API authority-source-files

The API provides endpoints for authority source files management

METHOD URL Required permissions DESCRIPTION
GET /authority-source-files inventory-storage.authority-source-files.collection.get Retrieve source files
POST /authority-source-files inventory-storage.authority-source-files.item.post Create new local source file
POST /authority-storage/authorities/bulk inventory-storage.authorities.bulk.post Upsert authority records from external file
GET /authority-source-files/{id} inventory-storage.authority-source-files.item.get Get source file
PATCH /authority-source-files/{id} inventory-storage.authority-source-files.item.patch Update source file
DELETE /authority-source-files/{id} inventory-storage.authority-source-files.item.delete Delete source file
POST /authority-source-files/{id}/hrid inventory-storage.authority-source-files.hrid.post Get next HRID for source file

API authority-storage

The API provides endpoints for authorities management

CQL support

Endpoint GET /authority-storage/authorities support CQL queries.

Basic fields for filtering authorities:

  • headingType
  • authoritySourceFile.id
  • authoritySourceFile.name
  • createdDate
  • updatedDate

CQL queries examples

Example Description
headingType = personalName Matches authorities with Personal Name heading type
authoritySourceFile.id = 12345 Matches authorities with 12345 source file id
authoritySourceFile.name = LC Genre/Form Terms Matches authorities with source file name LC Genre/Form Terms
authoritySourceFile = "" Matches authorities with any defined authority source file, queries authoritySourceFile.id = "" and authoritySourceFile.name = "" gives the identical result as id and name are required attributes of source file
headingType = corporateName NOT authoritySourceFile = "" Matches authorities with Corporate Name heading type and without any defined authority source file, same like in a previous query NOT authoritySourceFile = "" can be replaced by NOT authoritySourceFile.id = "" or NOT authoritySourceFile.name = ""
createdDate > 2021-10-25T12:00:00.0 Matches authorities that were created after 2021-10-25 12:00:00
updatedDate <= 2021-10-28T12:00:00.0 Matches authorities that were updated before or at 2021-10-28 12:00:00

Retention policy for archived authorities

In order to provide an ability for a tenant to have specific retention period of authority archives, we need to add the below configuration in mod-settings. If no setting is provided by a tenant the retention period value would be taken from AUTHORITY_ARCHIVES_EXPIRATION_PERIOD environment variable.

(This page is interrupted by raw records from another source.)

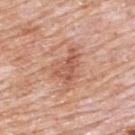workup: catalogued during a skin exam; not biopsied | image: ~15 mm tile from a whole-body skin photo | subject: male, aged 78 to 82 | anatomic site: the back | automated metrics: a lesion area of about 8 mm², an outline eccentricity of about 0.8 (0 = round, 1 = elongated), and two-axis asymmetry of about 0.5; an average lesion color of about L≈57 a*≈25 b*≈31 (CIELAB) and a lesion–skin lightness drop of about 10; an automated nevus-likeness rating near 10 out of 100 and a lesion-detection confidence of about 100/100 | tile lighting: white-light illumination | diameter: ≈4 mm.
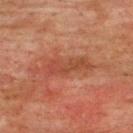biopsy status = imaged on a skin check; not biopsied | patient = male, in their mid-70s | anatomic site = the upper back | illumination = cross-polarized illumination | acquisition = ~15 mm crop, total-body skin-cancer survey.
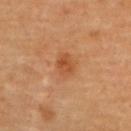Findings:
* subject · female, in their 60s
* anatomic site · the back
* image · 15 mm crop, total-body photography
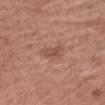biopsy status: catalogued during a skin exam; not biopsied
imaging modality: ~15 mm crop, total-body skin-cancer survey
illumination: white-light illumination
TBP lesion metrics: an eccentricity of roughly 0.8 and two-axis asymmetry of about 0.4; a border-irregularity rating of about 4/10, a color-variation rating of about 3/10, and radial color variation of about 1
patient: female, in their mid- to late 70s
diameter: ~3 mm (longest diameter)
anatomic site: the right thigh
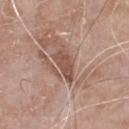Impression:
No biopsy was performed on this lesion — it was imaged during a full skin examination and was not determined to be concerning.
Background:
The lesion is on the chest. The subject is a male about 65 years old. The recorded lesion diameter is about 4 mm. A 15 mm close-up extracted from a 3D total-body photography capture.
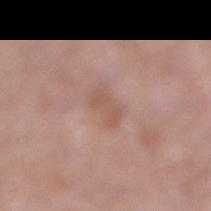The lesion was photographed on a routine skin check and not biopsied; there is no pathology result.
The lesion is located on the right lower leg.
A 15 mm crop from a total-body photograph taken for skin-cancer surveillance.
A male patient, aged approximately 75.
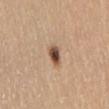Imaged during a routine full-body skin examination; the lesion was not biopsied and no histopathology is available.
Cropped from a whole-body photographic skin survey; the tile spans about 15 mm.
The lesion is located on the abdomen.
The tile uses white-light illumination.
Approximately 3 mm at its widest.
The total-body-photography lesion software estimated a border-irregularity rating of about 2.5/10, internal color variation of about 6.5 on a 0–10 scale, and radial color variation of about 2.
A female patient aged around 65.
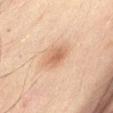| feature | finding |
|---|---|
| notes | imaged on a skin check; not biopsied |
| patient | female, roughly 60 years of age |
| body site | the front of the torso |
| lighting | cross-polarized illumination |
| acquisition | total-body-photography crop, ~15 mm field of view |
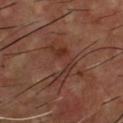Clinical impression:
The lesion was tiled from a total-body skin photograph and was not biopsied.
Image and clinical context:
Located on the chest. A 15 mm close-up extracted from a 3D total-body photography capture. The patient is a male aged 53–57.
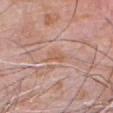lesion_size:
  long_diameter_mm_approx: 3.0
image:
  source: total-body photography crop
  field_of_view_mm: 15
automated_metrics:
  area_mm2_approx: 3.5
  eccentricity: 0.85
  shape_asymmetry: 0.35
  vs_skin_darker_L: 6.0
  vs_skin_contrast_norm: 6.5
  border_irregularity_0_10: 3.5
  peripheral_color_asymmetry: 0.5
patient:
  sex: male
  age_approx: 80
site: head or neck
lighting: white-light
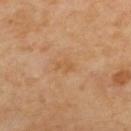follow-up = imaged on a skin check; not biopsied | lighting = cross-polarized illumination | acquisition = ~15 mm tile from a whole-body skin photo | diameter = about 3 mm | body site = the back.
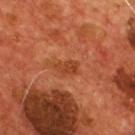biopsy status: catalogued during a skin exam; not biopsied | acquisition: ~15 mm crop, total-body skin-cancer survey | location: the chest | tile lighting: cross-polarized | subject: male, in their mid-50s.
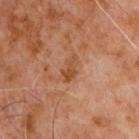A lesion tile, about 15 mm wide, cut from a 3D total-body photograph.
The lesion is on the chest.
A male patient, aged 58–62.
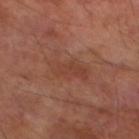Q: Was this lesion biopsied?
A: total-body-photography surveillance lesion; no biopsy
Q: What lighting was used for the tile?
A: cross-polarized illumination
Q: Patient demographics?
A: male, roughly 70 years of age
Q: Where on the body is the lesion?
A: the left lower leg
Q: How was this image acquired?
A: total-body-photography crop, ~15 mm field of view
Q: What is the lesion's diameter?
A: ≈5 mm
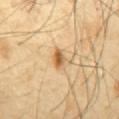notes: total-body-photography surveillance lesion; no biopsy
subject: male, in their mid- to late 60s
size: ≈2.5 mm
acquisition: total-body-photography crop, ~15 mm field of view
body site: the abdomen
illumination: cross-polarized
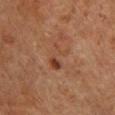workup: catalogued during a skin exam; not biopsied | subject: female, aged 48–52 | TBP lesion metrics: a lesion area of about 5.5 mm², an outline eccentricity of about 0.8 (0 = round, 1 = elongated), and two-axis asymmetry of about 0.45; a lesion-detection confidence of about 100/100 | site: the chest | diameter: ~3.5 mm (longest diameter) | imaging modality: ~15 mm crop, total-body skin-cancer survey | lighting: cross-polarized.
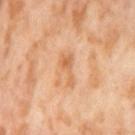subject: female, aged approximately 55 | automated metrics: a footprint of about 4.5 mm², an outline eccentricity of about 0.9 (0 = round, 1 = elongated), and a symmetry-axis asymmetry near 0.6; an average lesion color of about L≈66 a*≈24 b*≈40 (CIELAB) and a lesion-to-skin contrast of about 6 (normalized; higher = more distinct); a border-irregularity rating of about 6.5/10, a within-lesion color-variation index near 2.5/10, and radial color variation of about 1; a classifier nevus-likeness of about 0/100 and a lesion-detection confidence of about 100/100 | lesion diameter: ~4 mm (longest diameter) | location: the left thigh | image source: total-body-photography crop, ~15 mm field of view.
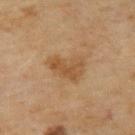<case>
<biopsy_status>not biopsied; imaged during a skin examination</biopsy_status>
<image>
  <source>total-body photography crop</source>
  <field_of_view_mm>15</field_of_view_mm>
</image>
<site>upper back</site>
<patient>
  <sex>female</sex>
  <age_approx>60</age_approx>
</patient>
<lighting>cross-polarized</lighting>
<lesion_size>
  <long_diameter_mm_approx>4.0</long_diameter_mm_approx>
</lesion_size>
<automated_metrics>
  <area_mm2_approx>9.5</area_mm2_approx>
  <eccentricity>0.7</eccentricity>
  <shape_asymmetry>0.4</shape_asymmetry>
  <cielab_L>47</cielab_L>
  <cielab_a>17</cielab_a>
  <cielab_b>34</cielab_b>
  <vs_skin_contrast_norm>6.5</vs_skin_contrast_norm>
  <border_irregularity_0_10>4.5</border_irregularity_0_10>
  <peripheral_color_asymmetry>1.0</peripheral_color_asymmetry>
  <nevus_likeness_0_100>35</nevus_likeness_0_100>
  <lesion_detection_confidence_0_100>100</lesion_detection_confidence_0_100>
</automated_metrics>
</case>
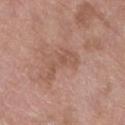{
  "biopsy_status": "not biopsied; imaged during a skin examination",
  "image": {
    "source": "total-body photography crop",
    "field_of_view_mm": 15
  },
  "site": "left lower leg",
  "automated_metrics": {
    "vs_skin_darker_L": 7.0,
    "vs_skin_contrast_norm": 5.0
  },
  "patient": {
    "sex": "female",
    "age_approx": 70
  }
}
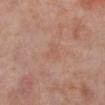Q: Was a biopsy performed?
A: catalogued during a skin exam; not biopsied
Q: What kind of image is this?
A: ~15 mm tile from a whole-body skin photo
Q: Patient demographics?
A: female, aged 48–52
Q: Where on the body is the lesion?
A: the left lower leg
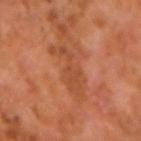Q: Illumination type?
A: cross-polarized
Q: How was this image acquired?
A: ~15 mm tile from a whole-body skin photo
Q: Patient demographics?
A: male, roughly 60 years of age
Q: What is the lesion's diameter?
A: ≈5.5 mm
Q: What is the anatomic site?
A: the left forearm
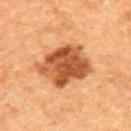workup: total-body-photography surveillance lesion; no biopsy | size: about 6.5 mm | image-analysis metrics: an outline eccentricity of about 0.7 (0 = round, 1 = elongated) and two-axis asymmetry of about 0.25; a border-irregularity index near 3/10 | location: the upper back | subject: male, in their 50s | lighting: cross-polarized illumination | image: ~15 mm tile from a whole-body skin photo.
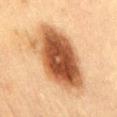Q: Was a biopsy performed?
A: no biopsy performed (imaged during a skin exam)
Q: Where on the body is the lesion?
A: the abdomen
Q: What did automated image analysis measure?
A: an outline eccentricity of about 0.8 (0 = round, 1 = elongated) and a shape-asymmetry score of about 0.2 (0 = symmetric); a border-irregularity index near 2.5/10 and a within-lesion color-variation index near 9/10
Q: What is the imaging modality?
A: ~15 mm tile from a whole-body skin photo
Q: How large is the lesion?
A: ≈9.5 mm
Q: How was the tile lit?
A: cross-polarized
Q: What are the patient's age and sex?
A: male, in their 60s
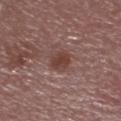Imaged during a routine full-body skin examination; the lesion was not biopsied and no histopathology is available. The subject is a male aged around 55. Approximately 3 mm at its widest. The lesion is located on the head or neck. A 15 mm crop from a total-body photograph taken for skin-cancer surveillance. Captured under white-light illumination.
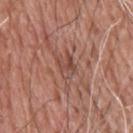Q: Was this lesion biopsied?
A: no biopsy performed (imaged during a skin exam)
Q: Lesion location?
A: the back
Q: Lesion size?
A: about 3 mm
Q: What is the imaging modality?
A: total-body-photography crop, ~15 mm field of view
Q: Who is the patient?
A: male, aged 58 to 62
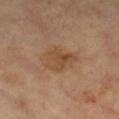Clinical impression:
Part of a total-body skin-imaging series; this lesion was reviewed on a skin check and was not flagged for biopsy.
Clinical summary:
A female subject about 70 years old. A roughly 15 mm field-of-view crop from a total-body skin photograph. The lesion is located on the right lower leg. Measured at roughly 4.5 mm in maximum diameter. This is a cross-polarized tile.
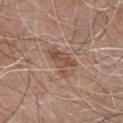follow-up: catalogued during a skin exam; not biopsied | size: ≈4 mm | subject: male, aged approximately 80 | automated metrics: a lesion area of about 7.5 mm², a shape eccentricity near 0.8, and a symmetry-axis asymmetry near 0.5; a border-irregularity index near 6.5/10 and a color-variation rating of about 3.5/10; a lesion-detection confidence of about 100/100 | location: the chest | acquisition: total-body-photography crop, ~15 mm field of view.
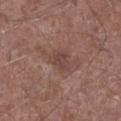  biopsy_status: not biopsied; imaged during a skin examination
  lighting: white-light
  lesion_size:
    long_diameter_mm_approx: 2.5
  image:
    source: total-body photography crop
    field_of_view_mm: 15
  site: left lower leg
  patient:
    sex: male
    age_approx: 45
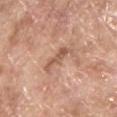Case summary:
* follow-up · catalogued during a skin exam; not biopsied
* body site · the upper back
* illumination · white-light
* subject · male, approximately 65 years of age
* imaging modality · total-body-photography crop, ~15 mm field of view
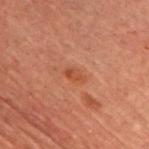| feature | finding |
|---|---|
| anatomic site | the chest |
| patient | male, roughly 60 years of age |
| image | 15 mm crop, total-body photography |
| illumination | cross-polarized |
| lesion size | ≈2.5 mm |
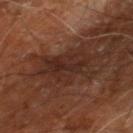Q: Is there a histopathology result?
A: catalogued during a skin exam; not biopsied
Q: What is the imaging modality?
A: 15 mm crop, total-body photography
Q: Where on the body is the lesion?
A: the right leg
Q: Who is the patient?
A: male, aged around 60
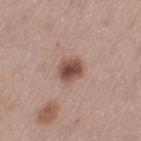Assessment:
This lesion was catalogued during total-body skin photography and was not selected for biopsy.
Background:
This image is a 15 mm lesion crop taken from a total-body photograph. An algorithmic analysis of the crop reported a mean CIELAB color near L≈48 a*≈20 b*≈25, a lesion–skin lightness drop of about 14, and a normalized border contrast of about 10. The software also gave internal color variation of about 4 on a 0–10 scale and peripheral color asymmetry of about 1. The analysis additionally found a classifier nevus-likeness of about 95/100. From the left thigh. The patient is a female in their mid-60s.
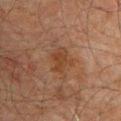Q: Was this lesion biopsied?
A: catalogued during a skin exam; not biopsied
Q: Patient demographics?
A: male, aged 58 to 62
Q: What lighting was used for the tile?
A: cross-polarized illumination
Q: What did automated image analysis measure?
A: a footprint of about 6 mm², an eccentricity of roughly 0.65, and two-axis asymmetry of about 0.3; about 6 CIELAB-L* units darker than the surrounding skin and a normalized border contrast of about 6.5; a border-irregularity rating of about 4/10 and a within-lesion color-variation index near 2/10; an automated nevus-likeness rating near 0 out of 100
Q: How was this image acquired?
A: ~15 mm tile from a whole-body skin photo
Q: What is the anatomic site?
A: the front of the torso
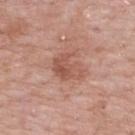No biopsy was performed on this lesion — it was imaged during a full skin examination and was not determined to be concerning.
A close-up tile cropped from a whole-body skin photograph, about 15 mm across.
The subject is a male aged approximately 55.
Measured at roughly 3.5 mm in maximum diameter.
From the back.
The total-body-photography lesion software estimated a lesion–skin lightness drop of about 8 and a normalized border contrast of about 6. And it measured a border-irregularity rating of about 4.5/10 and a within-lesion color-variation index near 4.5/10.
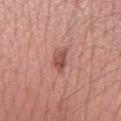follow-up=catalogued during a skin exam; not biopsied
patient=male, aged around 60
body site=the left forearm
illumination=white-light
image=15 mm crop, total-body photography
lesion diameter=≈3 mm
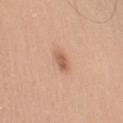follow-up: imaged on a skin check; not biopsied | automated metrics: an area of roughly 3.5 mm² and two-axis asymmetry of about 0.2; about 10 CIELAB-L* units darker than the surrounding skin and a normalized lesion–skin contrast near 7; a border-irregularity index near 2/10, internal color variation of about 2.5 on a 0–10 scale, and peripheral color asymmetry of about 1 | body site: the arm | imaging modality: ~15 mm tile from a whole-body skin photo | illumination: white-light illumination | subject: male, aged 58–62 | lesion size: ≈2.5 mm.
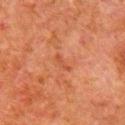follow-up — no biopsy performed (imaged during a skin exam)
imaging modality — 15 mm crop, total-body photography
anatomic site — the arm
lighting — cross-polarized
patient — male, aged approximately 80
image-analysis metrics — a lesion area of about 2 mm², an eccentricity of roughly 0.95, and two-axis asymmetry of about 0.35; a lesion color around L≈41 a*≈26 b*≈33 in CIELAB, about 5 CIELAB-L* units darker than the surrounding skin, and a lesion-to-skin contrast of about 5 (normalized; higher = more distinct); a border-irregularity index near 3.5/10, a within-lesion color-variation index near 0/10, and radial color variation of about 0; a nevus-likeness score of about 0/100 and a detector confidence of about 100 out of 100 that the crop contains a lesion
lesion diameter — ≈2.5 mm
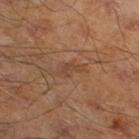Q: Was this lesion biopsied?
A: imaged on a skin check; not biopsied
Q: Where on the body is the lesion?
A: the left lower leg
Q: How large is the lesion?
A: ≈3 mm
Q: What kind of image is this?
A: ~15 mm tile from a whole-body skin photo
Q: What did automated image analysis measure?
A: an area of roughly 3 mm² and a shape eccentricity near 0.85; a lesion color around L≈43 a*≈20 b*≈28 in CIELAB, about 6 CIELAB-L* units darker than the surrounding skin, and a normalized border contrast of about 5; border irregularity of about 5 on a 0–10 scale, internal color variation of about 1 on a 0–10 scale, and a peripheral color-asymmetry measure near 0.5
Q: How was the tile lit?
A: cross-polarized
Q: What are the patient's age and sex?
A: male, approximately 45 years of age
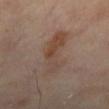Captured during whole-body skin photography for melanoma surveillance; the lesion was not biopsied.
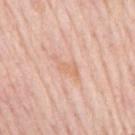The lesion was tiled from a total-body skin photograph and was not biopsied.
Cropped from a whole-body photographic skin survey; the tile spans about 15 mm.
The recorded lesion diameter is about 3.5 mm.
The lesion is located on the mid back.
The subject is a male aged 78–82.

Permissions To make a post call to mod-settings, user should have below permissions.

  mod-settings.entries.item.post
  mod-settings.global.write.mod-entities-links

Example request

POST https://{okapi-location}/settings/entries
{
    "id":"1e01066d-4bee-4cf7-926c-ba2c9c6c0001",
    "scope": "authority-storage",
    "key": "authority-archives-expiration",
    "value": {
      "expirationEnabled":true,
      "retentionInDays":10
    }
}
Field Type Description
id UUID id of type UUID should be provided.
scope String Scope should be the module name. Here, it will be "authority-storage"
key String Feature or Identifier name matching the setting we are enabling for. Here, it will be "authority-archives-expiration"
value Json Object Value object for this setting.
Value field Type Description
expirationEnabled boolean Indicates whether or not to enable expiration of Authority Archives for the tenant.
retentionInDays int Retention period of Authority Archives provided in days. If not specified, the default value would be taken by the AUTHORITY_ARCHIVES_DEFAULT_EXPIRATION_DAYS environment variable.